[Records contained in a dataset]

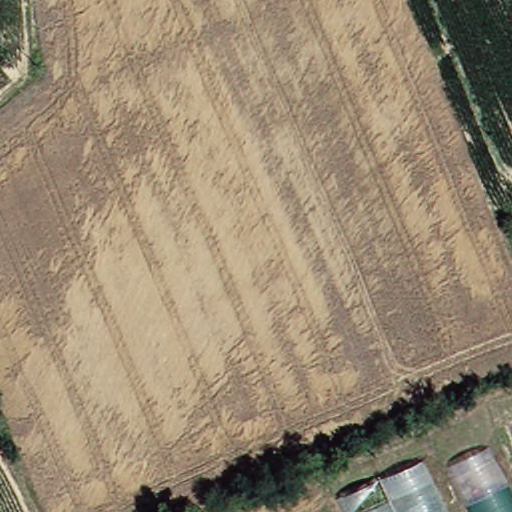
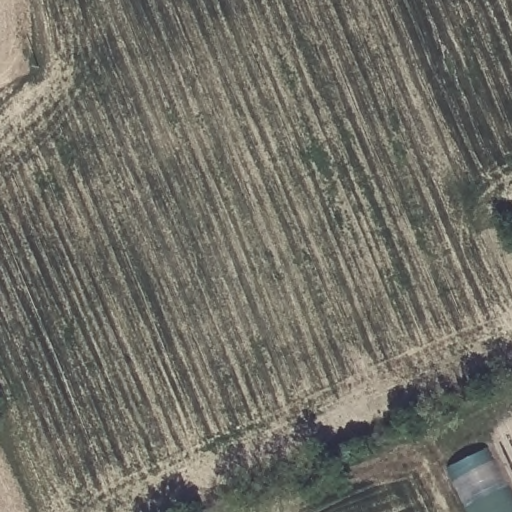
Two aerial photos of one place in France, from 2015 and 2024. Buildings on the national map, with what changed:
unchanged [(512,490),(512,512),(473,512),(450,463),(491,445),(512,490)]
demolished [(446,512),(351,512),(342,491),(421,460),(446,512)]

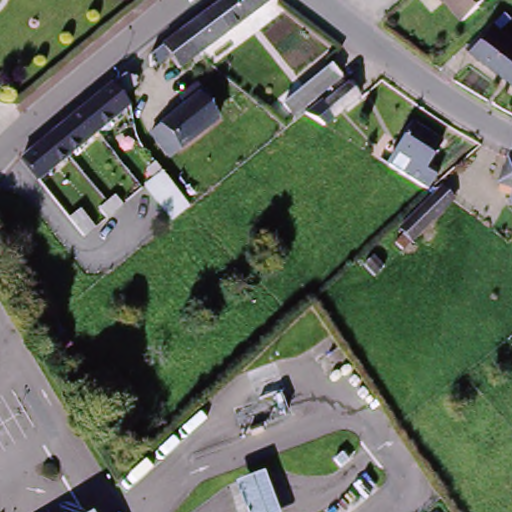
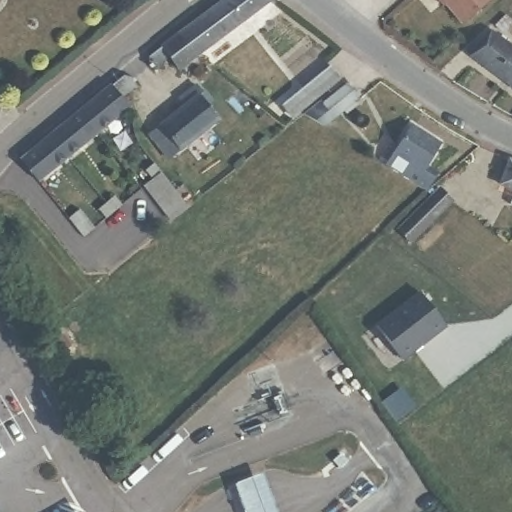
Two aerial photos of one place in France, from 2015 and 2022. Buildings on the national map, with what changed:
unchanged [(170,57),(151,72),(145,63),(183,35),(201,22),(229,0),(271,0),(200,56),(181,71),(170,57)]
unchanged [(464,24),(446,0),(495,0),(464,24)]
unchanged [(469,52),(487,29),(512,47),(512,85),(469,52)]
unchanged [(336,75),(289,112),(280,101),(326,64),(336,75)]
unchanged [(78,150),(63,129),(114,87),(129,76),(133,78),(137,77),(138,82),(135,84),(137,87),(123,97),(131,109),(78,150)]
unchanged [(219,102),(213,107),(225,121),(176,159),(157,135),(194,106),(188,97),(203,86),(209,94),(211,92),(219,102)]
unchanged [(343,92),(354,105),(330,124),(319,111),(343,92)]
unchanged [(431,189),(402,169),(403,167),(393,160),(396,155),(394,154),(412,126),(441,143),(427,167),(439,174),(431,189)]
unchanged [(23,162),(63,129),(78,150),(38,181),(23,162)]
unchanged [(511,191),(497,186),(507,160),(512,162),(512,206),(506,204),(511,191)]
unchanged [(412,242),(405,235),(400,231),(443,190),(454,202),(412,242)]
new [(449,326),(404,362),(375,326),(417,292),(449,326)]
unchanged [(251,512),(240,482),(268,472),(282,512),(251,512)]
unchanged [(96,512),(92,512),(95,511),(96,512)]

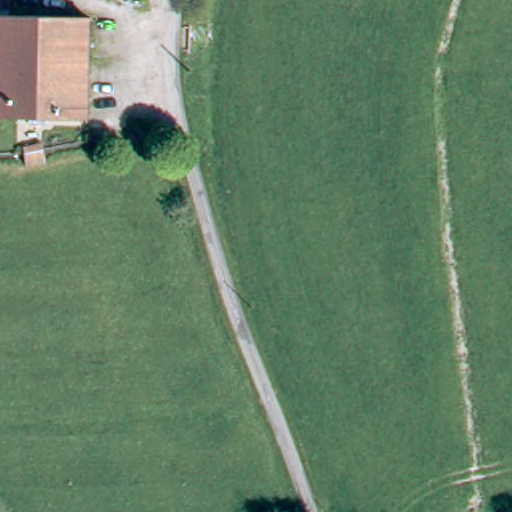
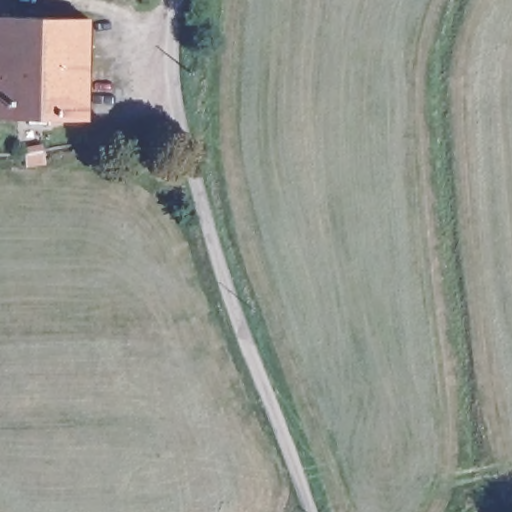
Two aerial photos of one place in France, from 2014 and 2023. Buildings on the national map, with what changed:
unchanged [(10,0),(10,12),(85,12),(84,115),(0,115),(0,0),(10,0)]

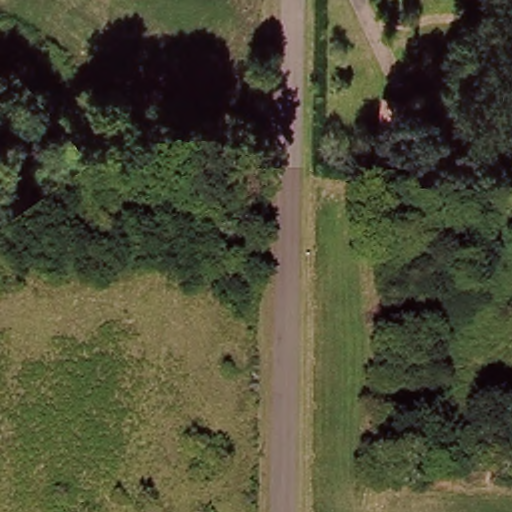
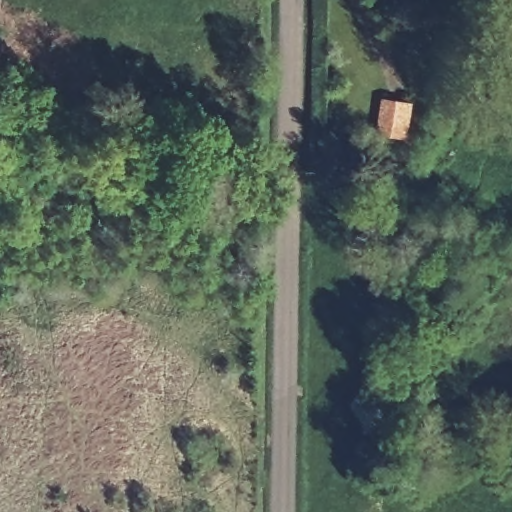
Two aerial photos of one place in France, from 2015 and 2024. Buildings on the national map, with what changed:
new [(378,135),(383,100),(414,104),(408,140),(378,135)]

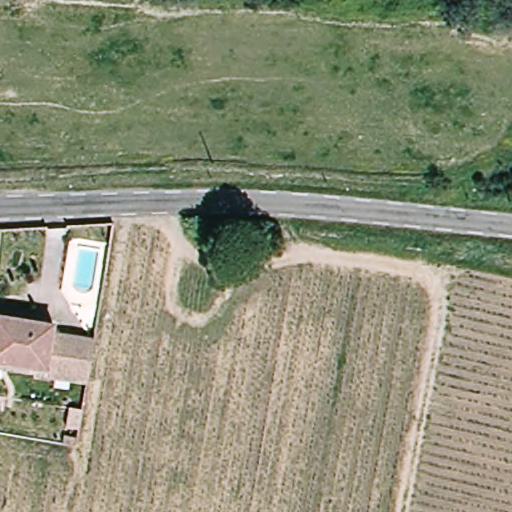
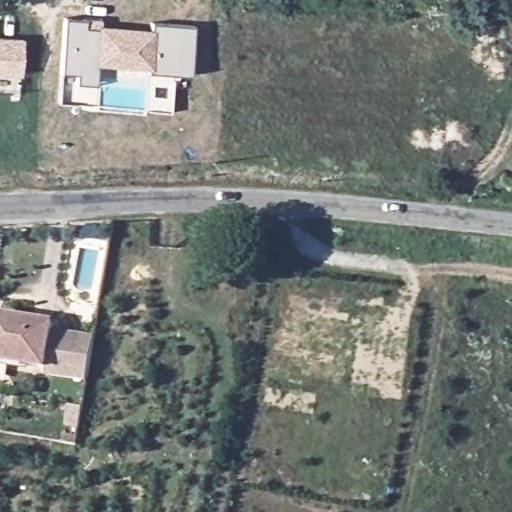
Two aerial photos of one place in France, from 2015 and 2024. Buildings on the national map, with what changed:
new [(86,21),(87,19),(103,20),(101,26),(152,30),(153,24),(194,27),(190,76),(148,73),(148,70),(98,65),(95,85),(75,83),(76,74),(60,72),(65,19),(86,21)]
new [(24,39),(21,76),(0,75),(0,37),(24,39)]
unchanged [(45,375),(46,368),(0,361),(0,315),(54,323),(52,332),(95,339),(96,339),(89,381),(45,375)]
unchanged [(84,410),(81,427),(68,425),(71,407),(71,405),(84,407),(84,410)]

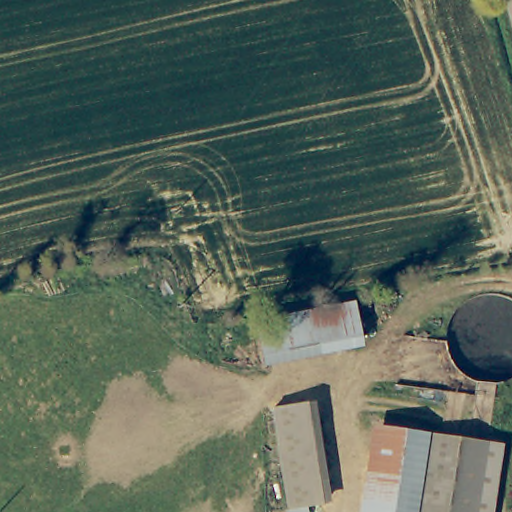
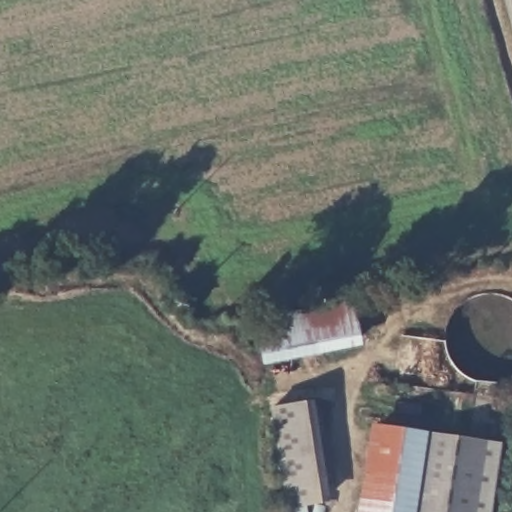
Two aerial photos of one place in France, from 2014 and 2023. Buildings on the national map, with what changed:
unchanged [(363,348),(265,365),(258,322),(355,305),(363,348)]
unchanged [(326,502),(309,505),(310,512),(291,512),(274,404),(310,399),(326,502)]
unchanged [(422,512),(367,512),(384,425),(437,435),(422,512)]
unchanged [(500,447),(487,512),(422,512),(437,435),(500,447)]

• To do: Whenever a picture appears, leave it out, and return every record exactly.

• Answer section:
Two aerial photos of one place in France, from 2015 and 2024. Buildings on the national map, with what changed:
unchanged [(512,490),(512,512),(473,512),(450,463),(491,445),(512,490)]
demolished [(446,512),(351,512),(342,491),(421,460),(446,512)]

Two aerial photos of one place in France, from 2015 and 2022. Buildings on the national map, with what changed:
unchanged [(170,57),(151,72),(145,63),(183,35),(201,22),(229,0),(271,0),(200,56),(181,71),(170,57)]
unchanged [(464,24),(446,0),(495,0),(464,24)]
unchanged [(469,52),(487,29),(512,47),(512,85),(469,52)]
unchanged [(336,75),(289,112),(280,101),(326,64),(336,75)]
unchanged [(78,150),(63,129),(114,87),(129,76),(133,78),(137,77),(138,82),(135,84),(137,87),(123,97),(131,109),(78,150)]
unchanged [(219,102),(213,107),(225,121),(176,159),(157,135),(194,106),(188,97),(203,86),(209,94),(211,92),(219,102)]
unchanged [(343,92),(354,105),(330,124),(319,111),(343,92)]
unchanged [(431,189),(402,169),(403,167),(393,160),(396,155),(394,154),(412,126),(441,143),(427,167),(439,174),(431,189)]
unchanged [(23,162),(63,129),(78,150),(38,181),(23,162)]
unchanged [(511,191),(497,186),(507,160),(512,162),(512,206),(506,204),(511,191)]
unchanged [(412,242),(405,235),(400,231),(443,190),(454,202),(412,242)]
new [(449,326),(404,362),(375,326),(417,292),(449,326)]
unchanged [(251,512),(240,482),(268,472),(282,512),(251,512)]
unchanged [(96,512),(92,512),(95,511),(96,512)]

Two aerial photos of one place in France, from 2014 and 2023. Buildings on the national map, with what changed:
unchanged [(10,0),(10,12),(85,12),(84,115),(0,115),(0,0),(10,0)]

Two aerial photos of one place in France, from 2015 and 2024. Buildings on the national map, with what changed:
new [(378,135),(383,100),(414,104),(408,140),(378,135)]

Two aerial photos of one place in France, from 2015 and 2024. Buildings on the national map, with what changed:
new [(86,21),(87,19),(103,20),(101,26),(152,30),(153,24),(194,27),(190,76),(148,73),(148,70),(98,65),(95,85),(75,83),(76,74),(60,72),(65,19),(86,21)]
new [(24,39),(21,76),(0,75),(0,37),(24,39)]
unchanged [(45,375),(46,368),(0,361),(0,315),(54,323),(52,332),(95,339),(96,339),(89,381),(45,375)]
unchanged [(84,410),(81,427),(68,425),(71,407),(71,405),(84,407),(84,410)]

Two aerial photos of one place in France, from 2014 and 2023. Buildings on the national map, with what changed:
unchanged [(363,348),(265,365),(258,322),(355,305),(363,348)]
unchanged [(326,502),(309,505),(310,512),(291,512),(274,404),(310,399),(326,502)]
unchanged [(422,512),(367,512),(384,425),(437,435),(422,512)]
unchanged [(500,447),(487,512),(422,512),(437,435),(500,447)]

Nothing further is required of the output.